The Diocese of Ahiara () is a Latin Church ecclesiastical territory or diocese of the Catholic Church located in Ahiara in the region of Mbaise in Imo State, Nigeria. It is a suffragan diocese in the ecclesiastical province of the metropolitan Archdiocese of Owerri.

History
 18 November 1987: Established as Diocese of Ahiara from the Diocese of Owerri

Appointment controversy 2012-2018
The clergy and laity of the diocese refused to accept the bishop Pope Benedict XVI had appointed in 2012 as their ordinary, Peter Ebere Okpaleke, because he was not of the Mbaise ethnic group or chosen from among the local priests.

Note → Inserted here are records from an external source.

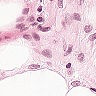
Metastatic tissue present: no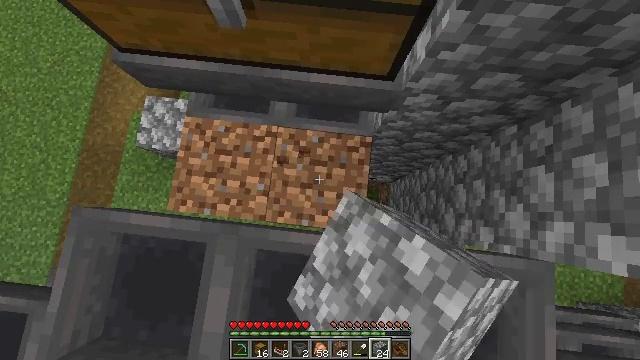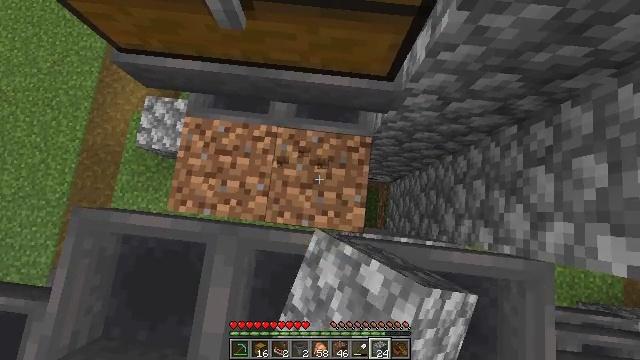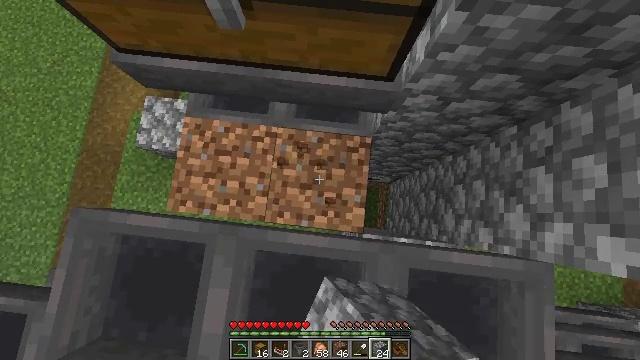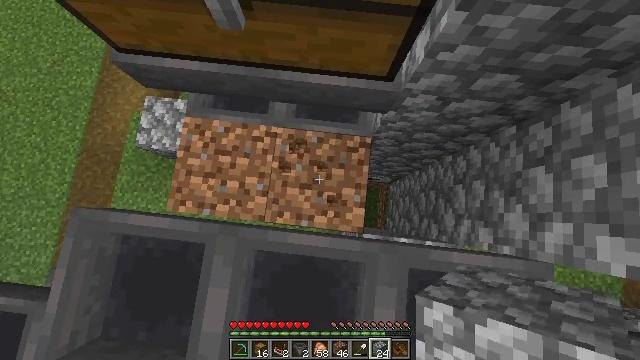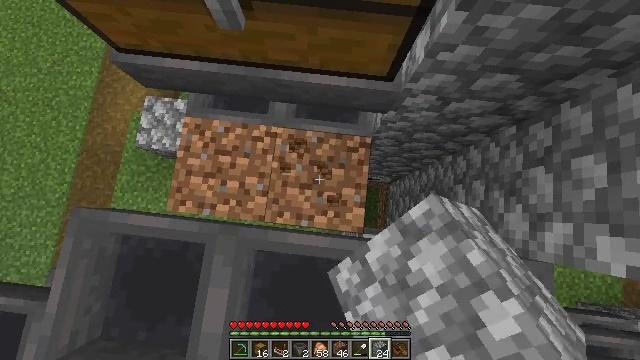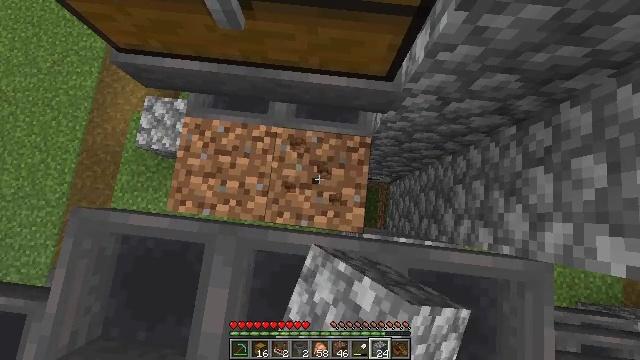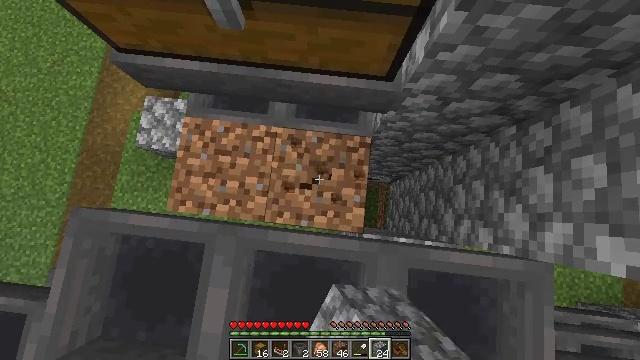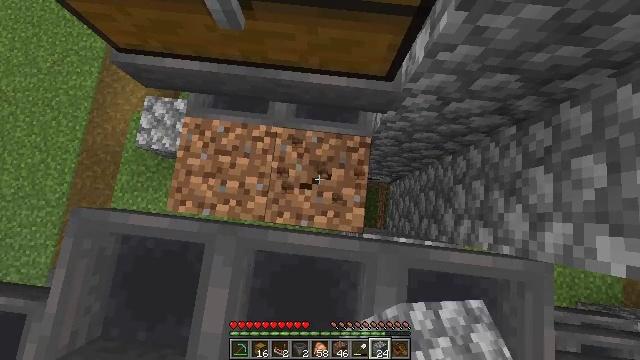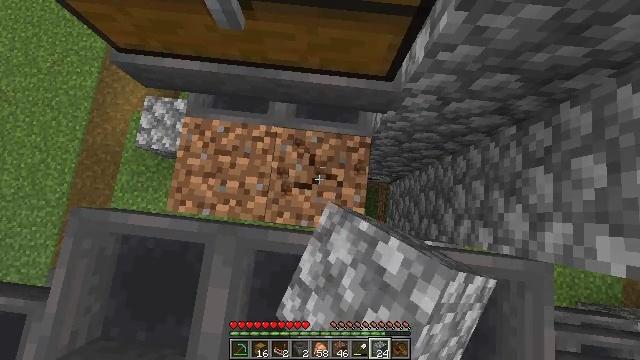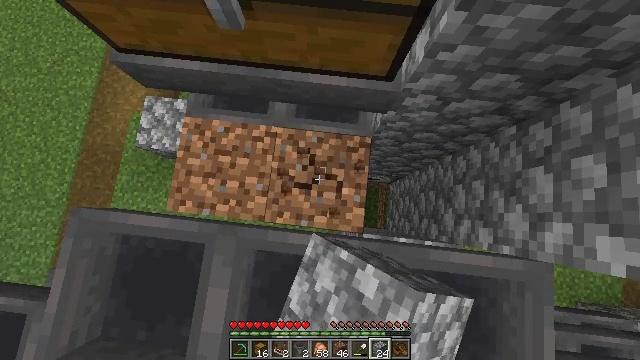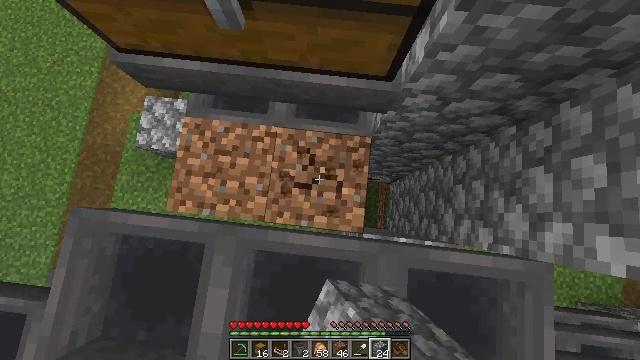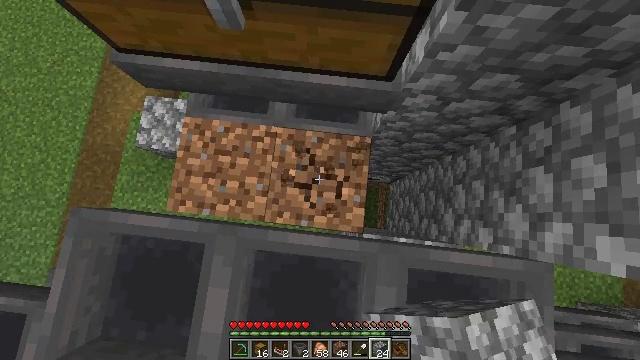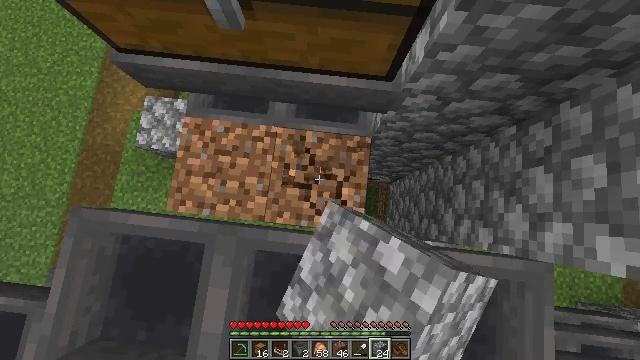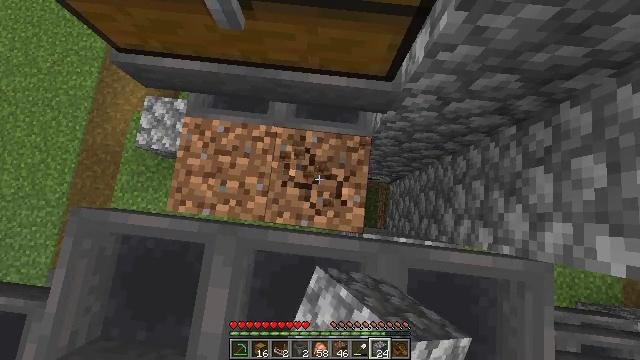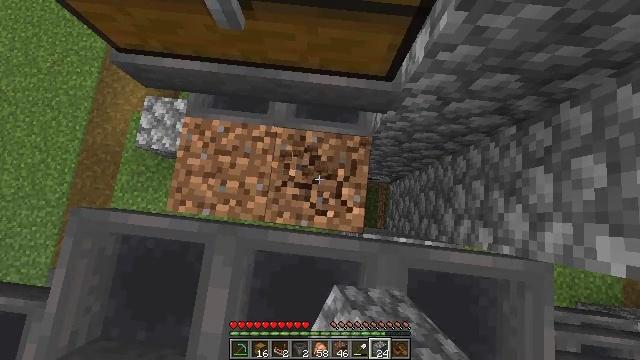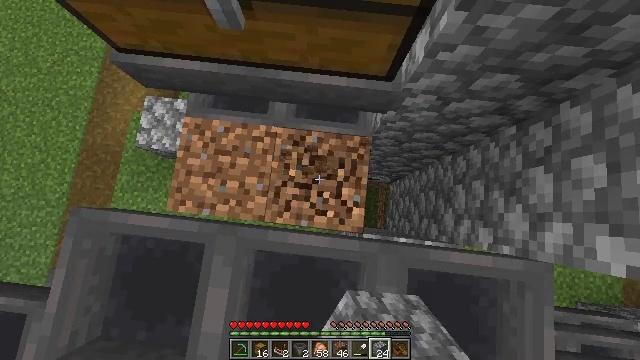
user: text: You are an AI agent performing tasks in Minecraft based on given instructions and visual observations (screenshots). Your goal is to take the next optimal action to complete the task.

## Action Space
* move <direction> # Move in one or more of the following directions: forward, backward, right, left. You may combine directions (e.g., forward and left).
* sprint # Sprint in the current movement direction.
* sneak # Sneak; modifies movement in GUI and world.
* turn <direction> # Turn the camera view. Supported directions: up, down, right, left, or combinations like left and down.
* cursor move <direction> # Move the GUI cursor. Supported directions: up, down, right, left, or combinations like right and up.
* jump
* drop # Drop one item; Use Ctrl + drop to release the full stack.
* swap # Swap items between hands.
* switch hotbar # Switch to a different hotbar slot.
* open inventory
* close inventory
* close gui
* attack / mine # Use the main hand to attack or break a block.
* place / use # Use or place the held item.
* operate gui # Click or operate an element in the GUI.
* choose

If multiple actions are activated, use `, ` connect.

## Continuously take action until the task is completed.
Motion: motion action
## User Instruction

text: Mine dirt from the ground.
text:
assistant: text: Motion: attack / mine
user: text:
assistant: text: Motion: attack / mine
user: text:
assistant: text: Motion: attack / mine
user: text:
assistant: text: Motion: attack / mine
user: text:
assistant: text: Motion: attack / mine
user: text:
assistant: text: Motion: attack / mine
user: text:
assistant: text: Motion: attack / mine
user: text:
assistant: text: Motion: attack / mine
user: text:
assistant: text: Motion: attack / mine
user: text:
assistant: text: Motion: attack / mine
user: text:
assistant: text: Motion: attack / mine
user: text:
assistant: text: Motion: attack / mine
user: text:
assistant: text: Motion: attack / mine
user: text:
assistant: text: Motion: attack / mine
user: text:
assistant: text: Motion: attack / mine
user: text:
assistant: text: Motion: attack / mine
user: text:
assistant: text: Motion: attack / mine
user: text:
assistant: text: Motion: attack / mine
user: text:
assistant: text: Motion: attack / mine
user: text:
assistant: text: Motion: attack / mine
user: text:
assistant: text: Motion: attack / mine
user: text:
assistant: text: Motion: attack / mine
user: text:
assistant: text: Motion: attack / mine

Okpaleke was consecrated a bishop on 21 May 2013, but he was not installed in Ahiara.

On 3 July 2013, Pope Francis appointed Cardinal John Onaiyekan, Archbishop of Abuja, as Apostolic Administrator.

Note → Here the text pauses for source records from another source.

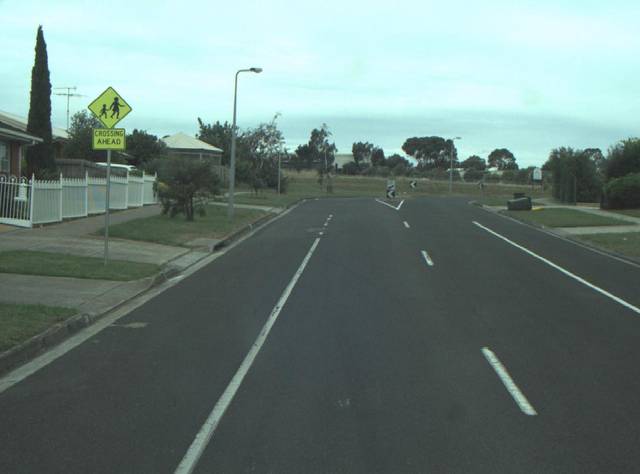
Region: Australia
Coordinates: -38.185, 144.462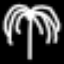
Label: palm tree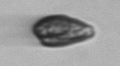
Label: Cryptophyta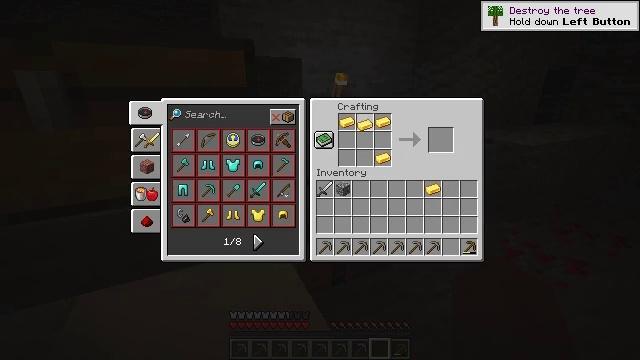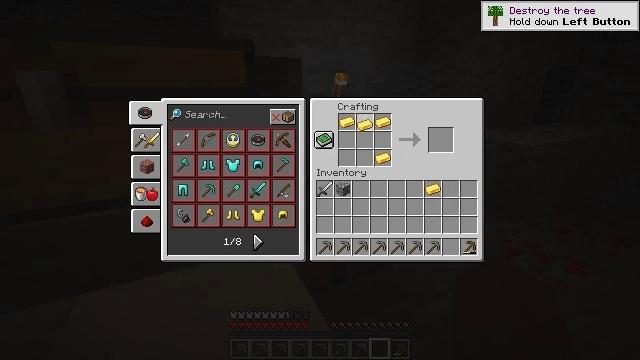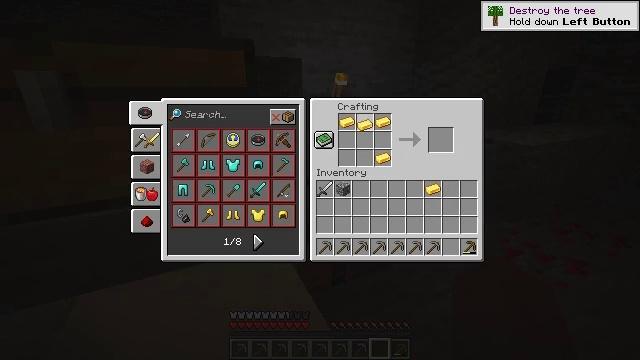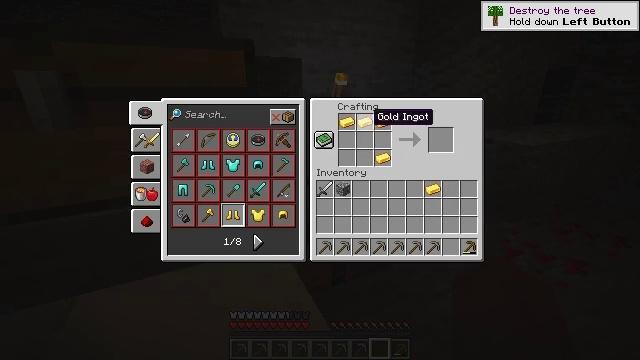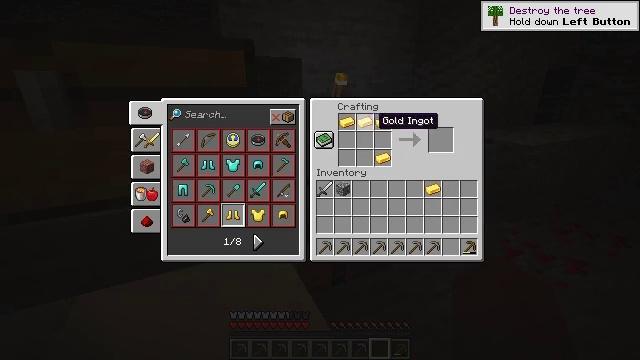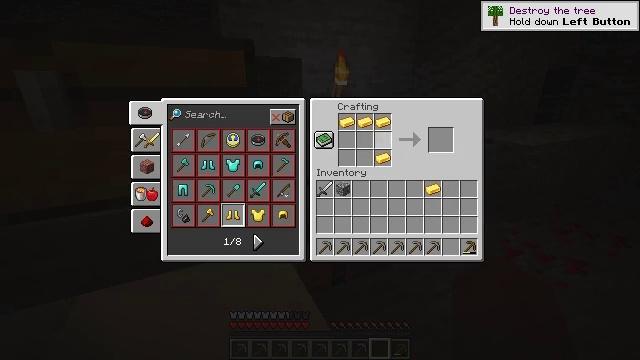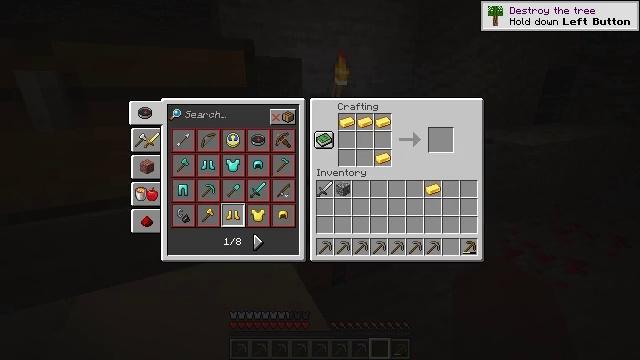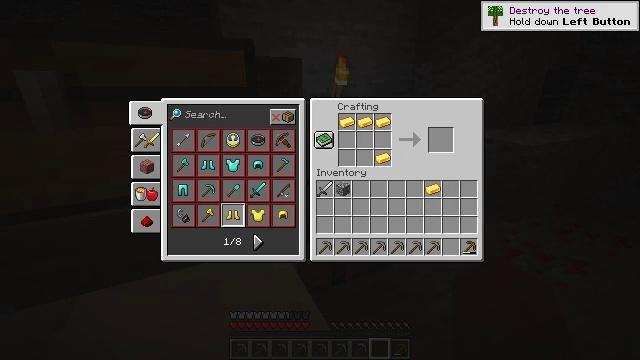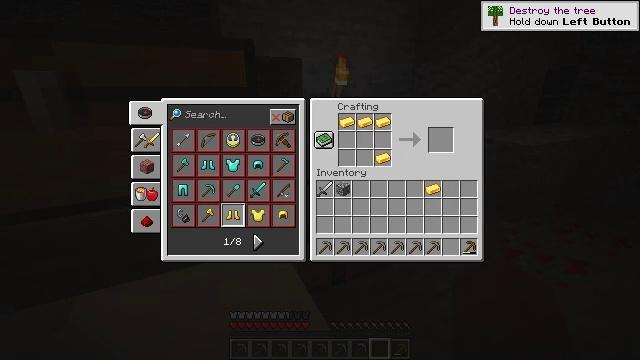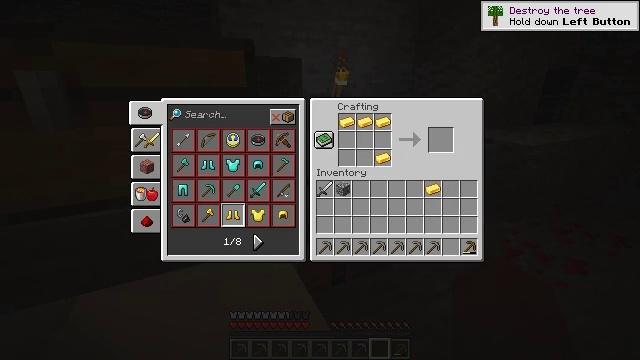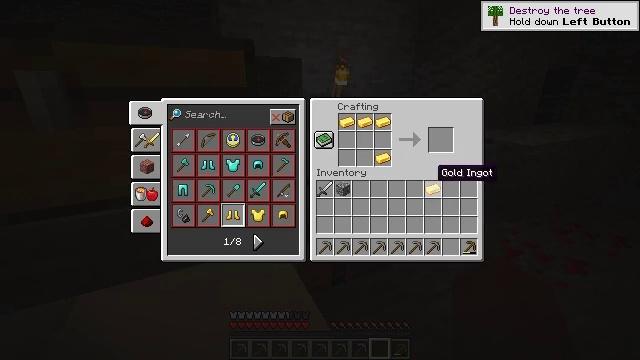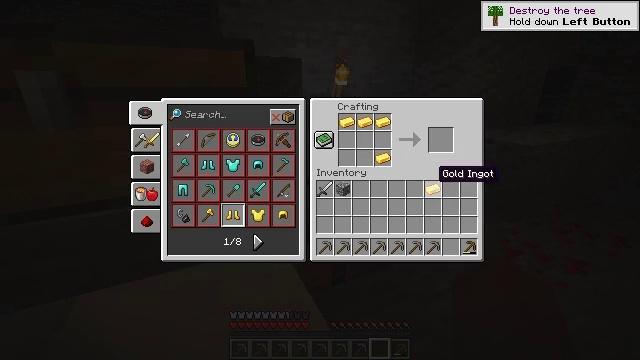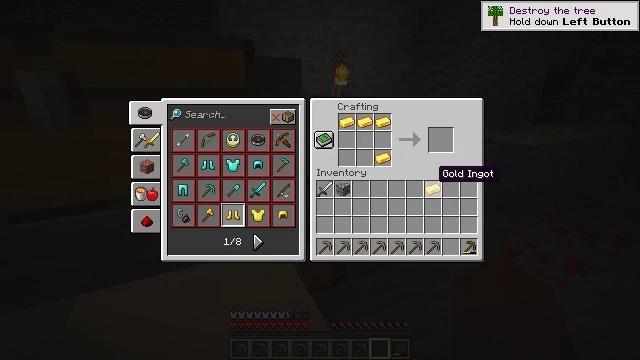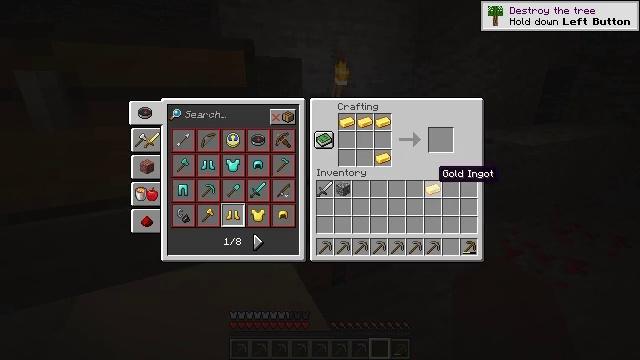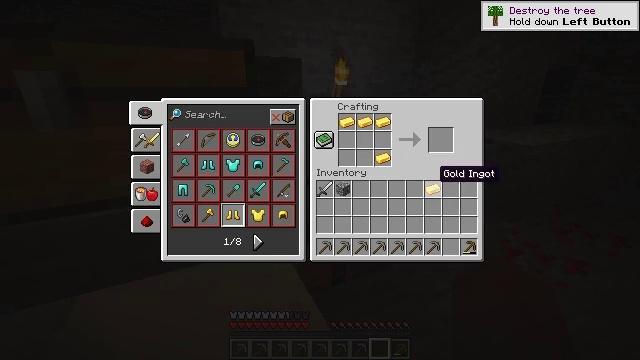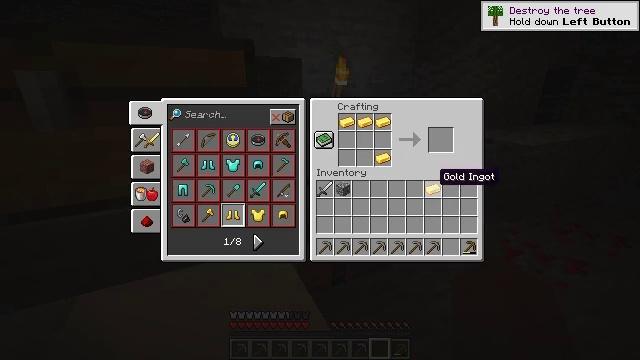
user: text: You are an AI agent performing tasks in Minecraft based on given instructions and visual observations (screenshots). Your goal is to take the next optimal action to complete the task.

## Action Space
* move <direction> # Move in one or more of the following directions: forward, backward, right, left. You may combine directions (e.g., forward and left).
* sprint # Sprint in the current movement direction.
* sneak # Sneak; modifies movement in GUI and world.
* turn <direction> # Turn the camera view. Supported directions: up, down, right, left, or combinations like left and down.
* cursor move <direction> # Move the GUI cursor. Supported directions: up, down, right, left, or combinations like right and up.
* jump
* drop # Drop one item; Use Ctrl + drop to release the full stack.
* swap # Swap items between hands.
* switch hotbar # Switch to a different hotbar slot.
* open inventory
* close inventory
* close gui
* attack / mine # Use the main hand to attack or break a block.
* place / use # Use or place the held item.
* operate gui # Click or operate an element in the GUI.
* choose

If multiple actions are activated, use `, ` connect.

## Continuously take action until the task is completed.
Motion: motion action
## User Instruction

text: Make a golden helmet with gold ingots.
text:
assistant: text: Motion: use / place
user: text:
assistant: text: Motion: use / place
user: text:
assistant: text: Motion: no_op
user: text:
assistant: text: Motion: no_op
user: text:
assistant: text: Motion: turn right and down
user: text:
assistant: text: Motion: turn right and down
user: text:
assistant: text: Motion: turn right and down
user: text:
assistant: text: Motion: turn right and down
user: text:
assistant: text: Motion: turn right
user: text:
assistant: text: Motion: no_op
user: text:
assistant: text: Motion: no_op
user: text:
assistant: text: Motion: no_op
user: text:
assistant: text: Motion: no_op
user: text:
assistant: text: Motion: no_op
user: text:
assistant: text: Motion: no_op
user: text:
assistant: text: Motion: attack / mine
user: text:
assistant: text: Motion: attack / mine
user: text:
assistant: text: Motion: attack / mine
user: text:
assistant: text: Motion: turn left and up
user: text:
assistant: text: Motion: turn left and up
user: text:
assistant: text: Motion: no_op
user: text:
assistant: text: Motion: no_op
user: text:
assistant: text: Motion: no_op
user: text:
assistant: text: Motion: no_op
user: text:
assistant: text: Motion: turn left
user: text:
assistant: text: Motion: no_op
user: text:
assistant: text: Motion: no_op
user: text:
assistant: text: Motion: attack / mine
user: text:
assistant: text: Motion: attack / mine
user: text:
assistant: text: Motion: attack / mine

On 8 June 2017, Pope Francis, after receiving a delegation from the Diocese, gave all the diocesan priests and deacons 30 days to personally write to the Vatican pledging obedience to the pope and accepting Okpaleke. Those who failed to write would be suspended a divinis, which would prohibit a priest or deacon from administering the sacraments, save for a priest hearing the confession of a person in danger of death, and would be removed from their posts. He had considered suppressing the diocese, but decided against that. On 8 July, it was reported that while the letter of apology was sent, Okpalaeke's appointment was still rejected by the local priests who insisted that the Holy See was enforcing racial discrimination in the country by hiring outsider priests to become bishops.

On 22 July 2017, Pope Francis agreed to respond through emissaries to the individual priests protesting Okpaleke's appointment.  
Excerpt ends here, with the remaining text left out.